The Blue House of Crazy

Adventures of an American Expat Family

September 21, 2011

The trade offs

Joel and I have talked for years about going overseas.   When Jocy was 18 months, he tried for a job in Japan.  We ended up launching in KC.  Which turned into 5 years.  Then we talked about China, which surprisingly turned in Turkey (with a relo back to the D).  I knew this meant leaving some pretty amazing friends and missing quite a bit of stuff.

But in these first two months, I have missed more than I expected.  And oddly, I am still not homesick.  I missed seeing my hubby stand up as best man in a great friend's wedding.  It's kind of funny that Joel and I both had an old friend that we were hoping to find that right person.  And oddly enough, they both got married this summer to amazing people.  We both made my friends wedding which I am grateful for.  Because she is not only my friend but has become Joel's.

We also had our first death already.  It was expected when we left, but it doesn't make it any easier.  My mom and dad's best friend Ed past away last month.  He was diagnosed with ALS last year and it had already taken quite a toll before we left.  But I will alway remember Ed as a very healthy, intelligent, kind man who meant a lot to my parents.  His wife, Helen, was my wedding planner and threw me a beautiful bridal luncheon before our wedding.  So it was hard to not be there.
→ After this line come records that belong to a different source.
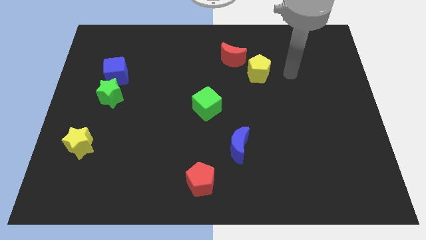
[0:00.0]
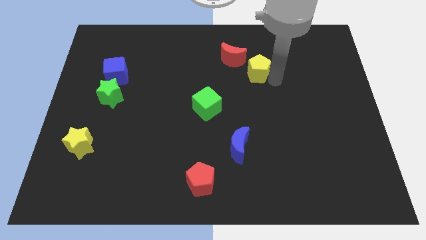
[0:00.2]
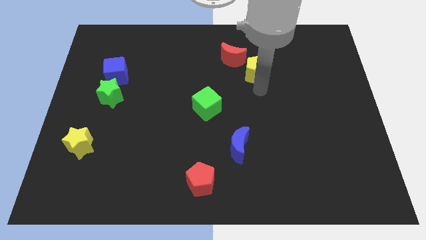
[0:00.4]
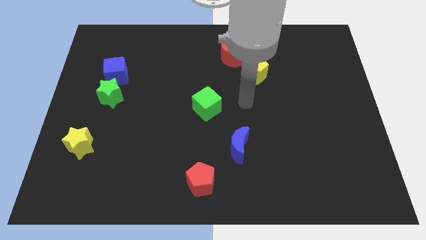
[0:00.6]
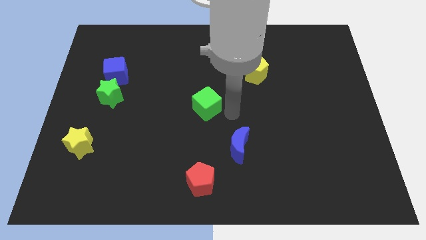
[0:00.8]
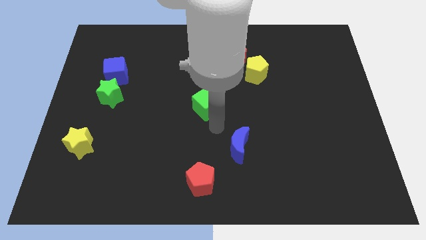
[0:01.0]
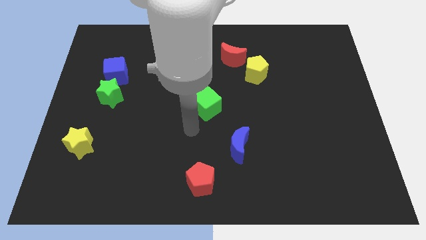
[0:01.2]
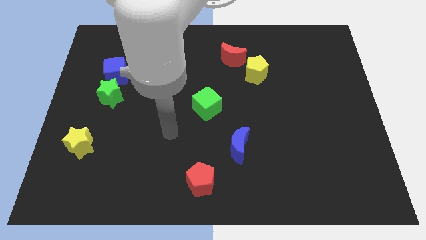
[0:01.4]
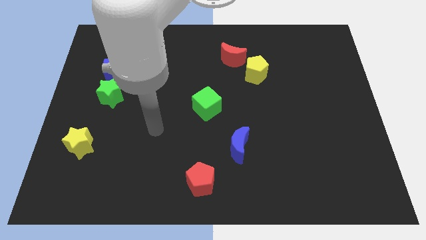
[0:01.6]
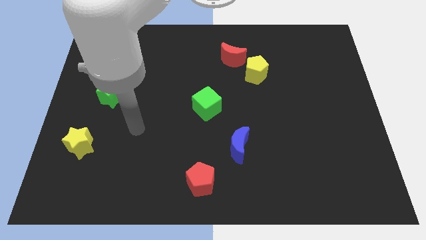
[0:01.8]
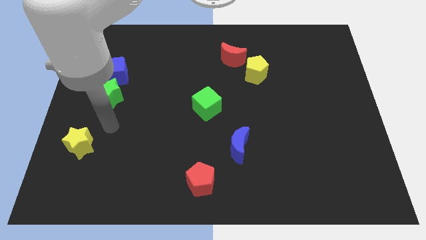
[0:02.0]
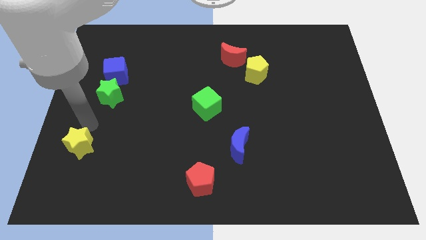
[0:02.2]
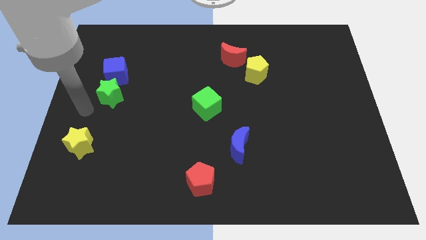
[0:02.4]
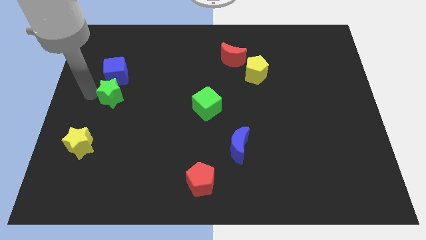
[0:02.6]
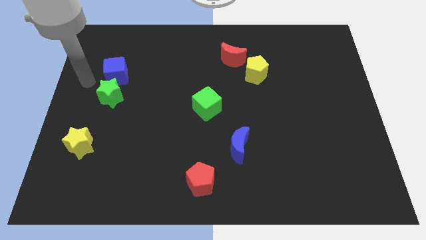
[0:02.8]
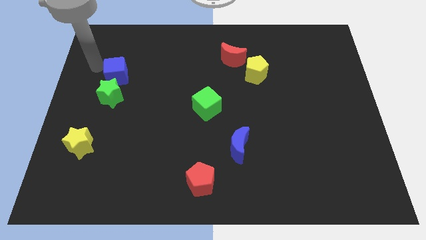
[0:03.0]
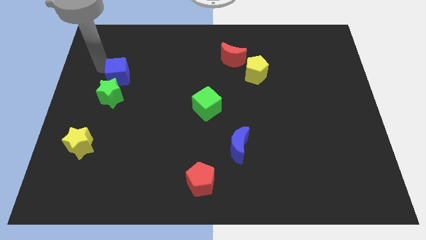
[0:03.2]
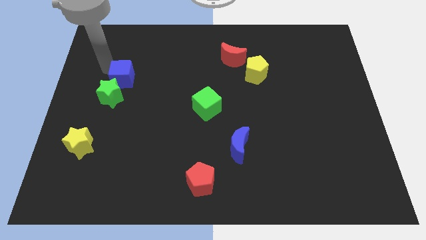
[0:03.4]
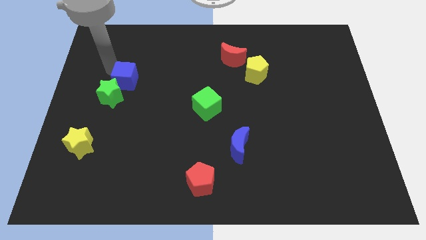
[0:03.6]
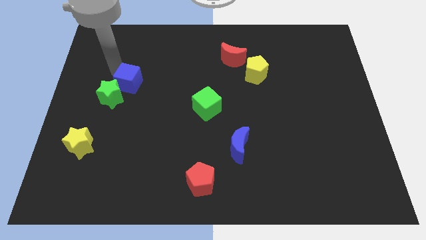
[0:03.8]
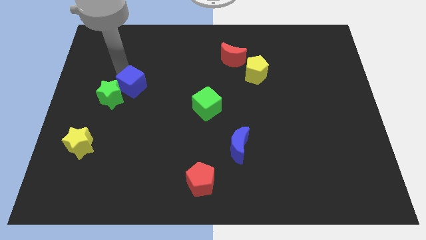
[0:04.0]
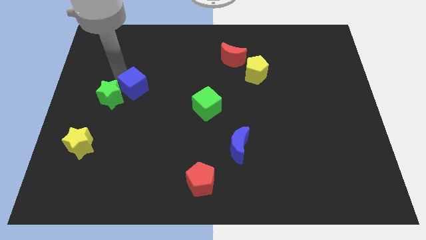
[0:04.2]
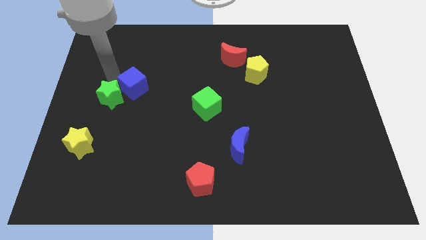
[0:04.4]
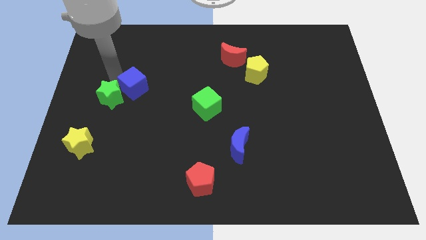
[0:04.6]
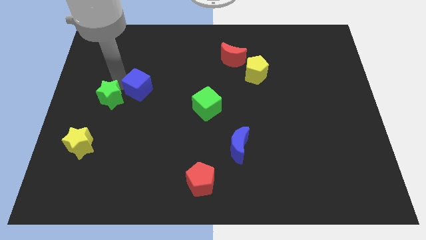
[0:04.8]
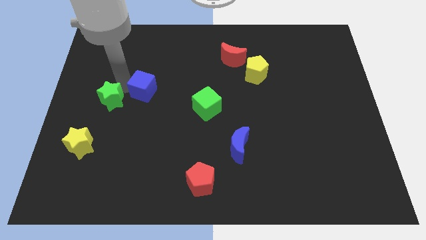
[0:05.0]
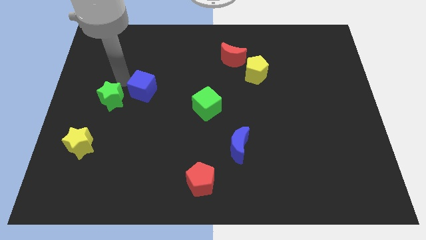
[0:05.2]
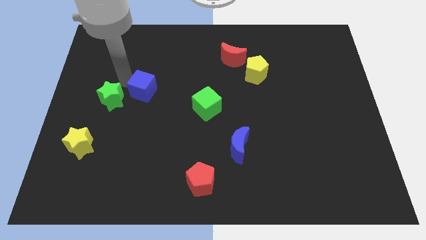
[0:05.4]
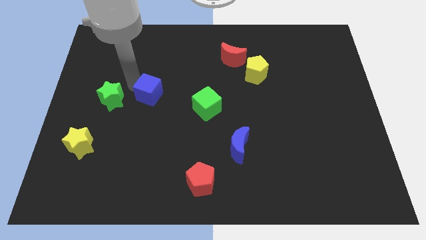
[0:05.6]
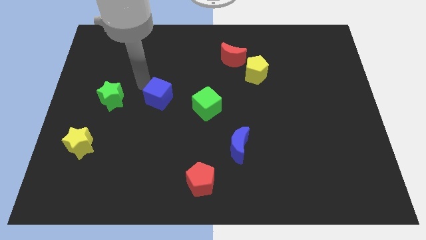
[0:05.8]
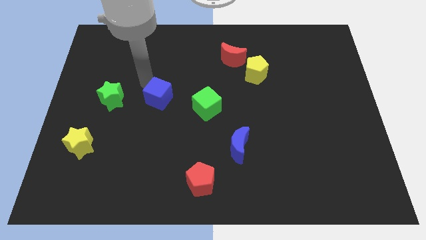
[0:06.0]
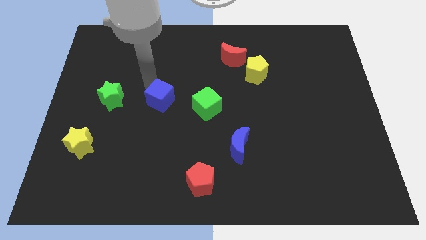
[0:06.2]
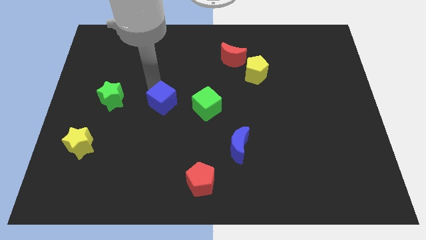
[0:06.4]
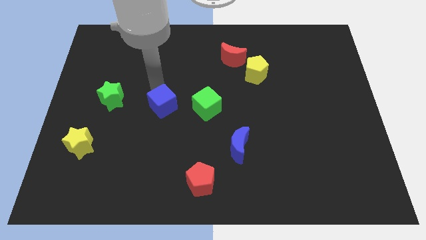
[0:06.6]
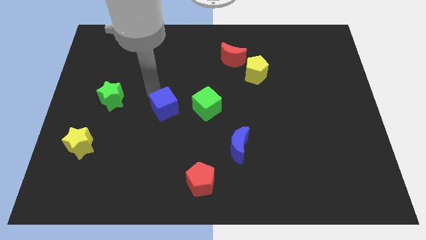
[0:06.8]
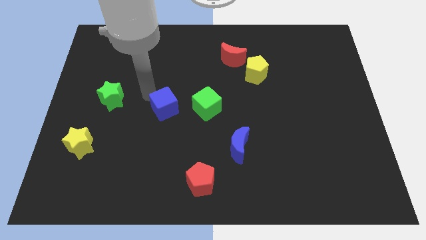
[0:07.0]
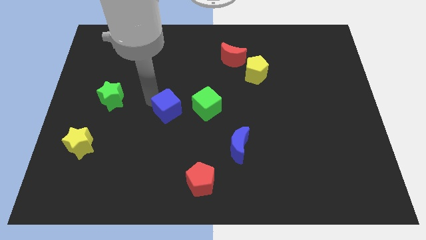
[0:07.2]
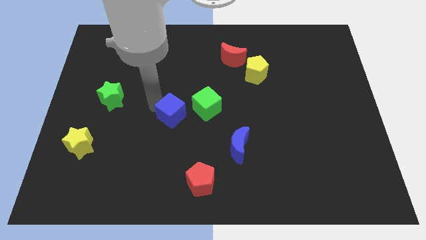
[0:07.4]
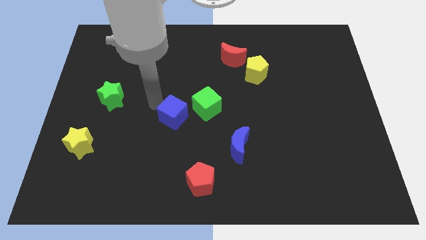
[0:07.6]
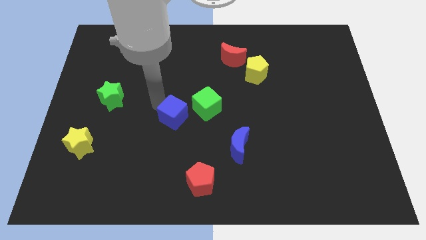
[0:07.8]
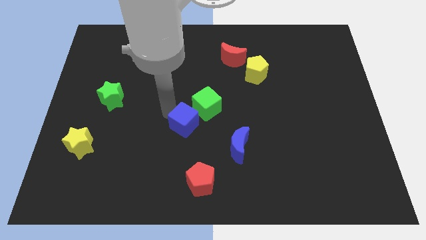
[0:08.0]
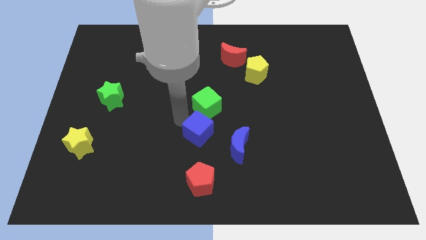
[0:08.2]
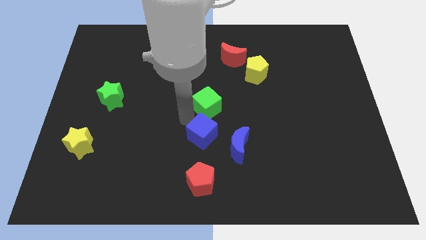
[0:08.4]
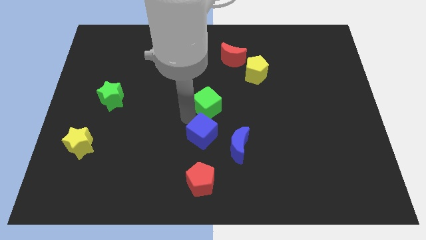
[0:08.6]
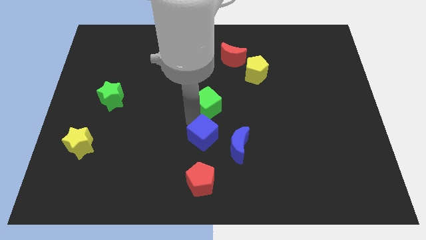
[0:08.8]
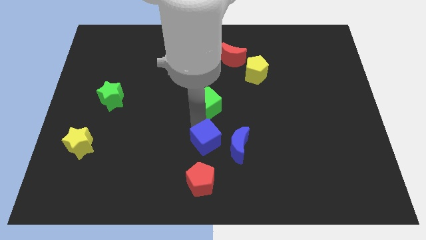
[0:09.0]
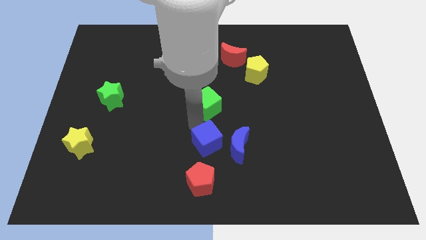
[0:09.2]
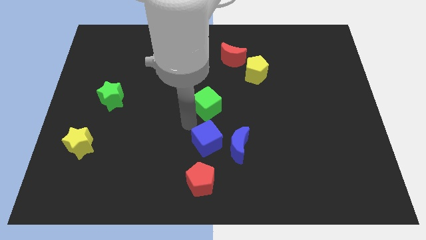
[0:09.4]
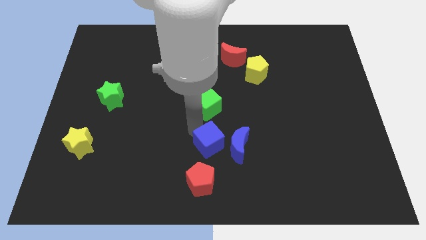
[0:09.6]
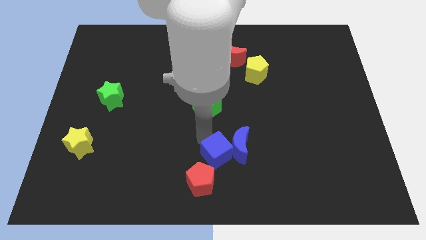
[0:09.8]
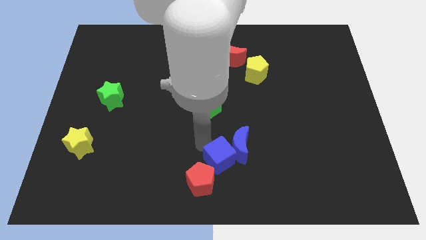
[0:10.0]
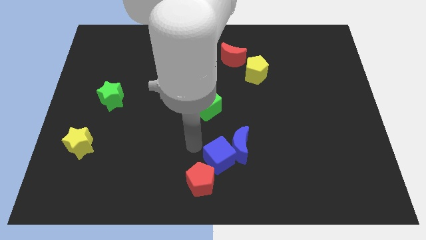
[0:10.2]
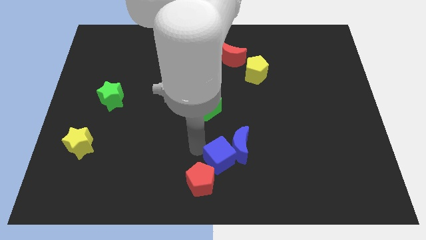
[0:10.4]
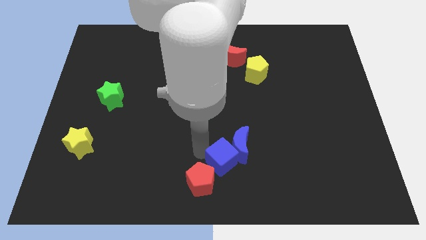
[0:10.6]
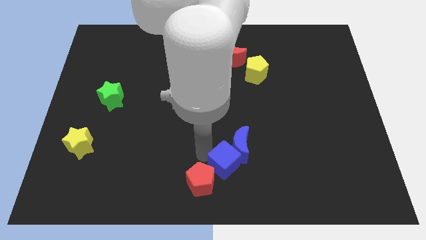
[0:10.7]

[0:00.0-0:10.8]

Not being able to pick up the phone and call my mom any time is pretty difficult.  Not being there for my friends when they are going thru a horrible time.  Heck, not even knowing until a week later just plain sucks!  Even keeping up on Facebook is complicated with the crazy time difference.  I spent my mornings trying to read thru their days but rarely ever make it.  I am sure I have missed birthdays (which I did to one of my BFFs)  and announcements.  I am in great need of a MNO.   I miss being able to vent and hear they are dealing with the same stuff so I'm not crazy.  I miss coaching cheerleading with Monica.  Even tho it was a ton of work and frustrating, it was still a ton of fun.  And I was guaranteed to see her no less than two days a week.  With all our busy schedules, it was hard to make ourselves stop and schedule those playdates and MNO or just grabbing coffee.  I am glad when we found out half the group was moving, that we really made that effort to see each other.   I think I might figure out how to mail stuff here and start writing letters... real ones!  Just something to be more personal.

The next three years will fly by and next thing I know, we will be back in MI.   I just need to figure out how to balance everything here and keep in touch with home.